Belief in their uniqueness leads Narcissists to hold that they occupy a moral sphere of their own, far above the rules and conventions that “ordinary” people are subject to. Typically, “Rosamond was convinced that no woman could behave more irreproachably than she.” Lydgate could complain of her behavior for all he liked, “she was quite sure that no one could justly find fault with her” (Ch 58). This makes Narcissists extremely obstinate: “Rosamond had that victorious obstinacy which never wastes its energy in impetuous resistance. What she liked to do was to her the right thing, and all her cleverness was directed to getting the means of doing it” (Ch. 58). And she says so with disarming frankness: ““I never give up anything that I choose to do,” said Rosamond” (Ch 36). This helps us to understand the terms with which she reproaches Lydgate when he finds himself obliged to move to a cheaper house: “I never could have believed that you would like to act in that way,” she says (Ch. 64). As she does only what she likes, she assumes that others act from the same motivation. Lydgate protests that “it’s not a question of liking. Of course, I don’t like it; it’s the only thing I can do,” but she is incapable of understanding this. Similarly, she tells Will Ladislaw that he can say “what he pleases” to Dorothea (Ch. 78). Eliot shows how she “reasons” on the occasion of her intervention at the estate agent’s:

It was the first time in her life that Rosamond had thought of doing anything in the form of business, but she felt equal to the occasion. That she should be obliged to do what she intensely disliked, was an idea which turned her quiet tenacity into active invention. Here was a case in which it could not be enough simply to disobey and be serenely, placidly obstinate: she must act according to her judgment, and she said to herself that her judgment was right – “indeed, if it had not been, she would not have wished to act on it.” [Ch. 64]

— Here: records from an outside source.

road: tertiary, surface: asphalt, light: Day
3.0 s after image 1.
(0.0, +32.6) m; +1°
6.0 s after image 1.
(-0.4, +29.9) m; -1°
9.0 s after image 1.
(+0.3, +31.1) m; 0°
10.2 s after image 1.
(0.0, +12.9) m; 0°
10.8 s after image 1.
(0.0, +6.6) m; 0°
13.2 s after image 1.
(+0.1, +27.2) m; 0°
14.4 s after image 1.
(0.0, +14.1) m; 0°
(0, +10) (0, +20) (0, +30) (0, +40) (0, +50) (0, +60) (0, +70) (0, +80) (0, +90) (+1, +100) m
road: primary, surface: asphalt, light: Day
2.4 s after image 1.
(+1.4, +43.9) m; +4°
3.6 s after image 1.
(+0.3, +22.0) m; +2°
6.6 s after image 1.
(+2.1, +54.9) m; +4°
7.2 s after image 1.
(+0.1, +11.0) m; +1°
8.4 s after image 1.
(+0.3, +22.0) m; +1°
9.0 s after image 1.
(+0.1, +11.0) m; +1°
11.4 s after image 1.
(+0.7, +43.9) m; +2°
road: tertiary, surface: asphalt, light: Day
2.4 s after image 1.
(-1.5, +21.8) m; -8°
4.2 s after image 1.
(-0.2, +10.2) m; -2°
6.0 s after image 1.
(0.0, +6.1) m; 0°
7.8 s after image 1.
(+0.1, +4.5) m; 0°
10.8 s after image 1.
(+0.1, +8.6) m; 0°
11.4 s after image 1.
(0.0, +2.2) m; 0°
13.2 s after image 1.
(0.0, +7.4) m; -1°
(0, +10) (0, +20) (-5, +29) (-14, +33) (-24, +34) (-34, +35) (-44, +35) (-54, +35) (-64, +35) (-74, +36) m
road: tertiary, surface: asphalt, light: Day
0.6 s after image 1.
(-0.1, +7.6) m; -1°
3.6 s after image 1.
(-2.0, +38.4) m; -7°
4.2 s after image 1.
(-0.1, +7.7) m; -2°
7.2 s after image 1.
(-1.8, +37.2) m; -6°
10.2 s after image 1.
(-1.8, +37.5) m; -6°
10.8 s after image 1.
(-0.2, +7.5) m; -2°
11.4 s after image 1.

Later Eliot observes that Rosamond “had no consciousness that her action could rightly be called false” (Ch. 65). Belief in their moral superiority blinds Narcissists to what others call “the truth”: they are inherently dishonest and masters of duplicity. This is one of the very first things we learn about Rosamond, although Eliot proceeds obliquely by contrasting her first with her brother Fred (who “piqued himself on keeping clear of lies, and even fibs; he often shrugged his shoulders and made a significant grimace at what he called Rosamond’s fibs”), and then with Mary Garth, who is characterized by “honesty, truth-telling fairness.” Unlike Rosamond, “she neither tried to create illusions, nor indulged in them for her own behoof” (Ch. 12). Later, Eliot uses irony: Rosamond, she observes, “was not in the habit of devising falsehoods, and if her statements were no direct clue to fact, why, they were not intended in that light – they were among her elegant accomplishments, intended to please. Nature had inspired many arts in finishing Mrs. Lemon’s favourite pupil, who by general consent (Fred’s excepted) was a rare compound of beauty, cleverness, and amiability”. (Ch 27). In a word, Rosamond excels in the art of lying.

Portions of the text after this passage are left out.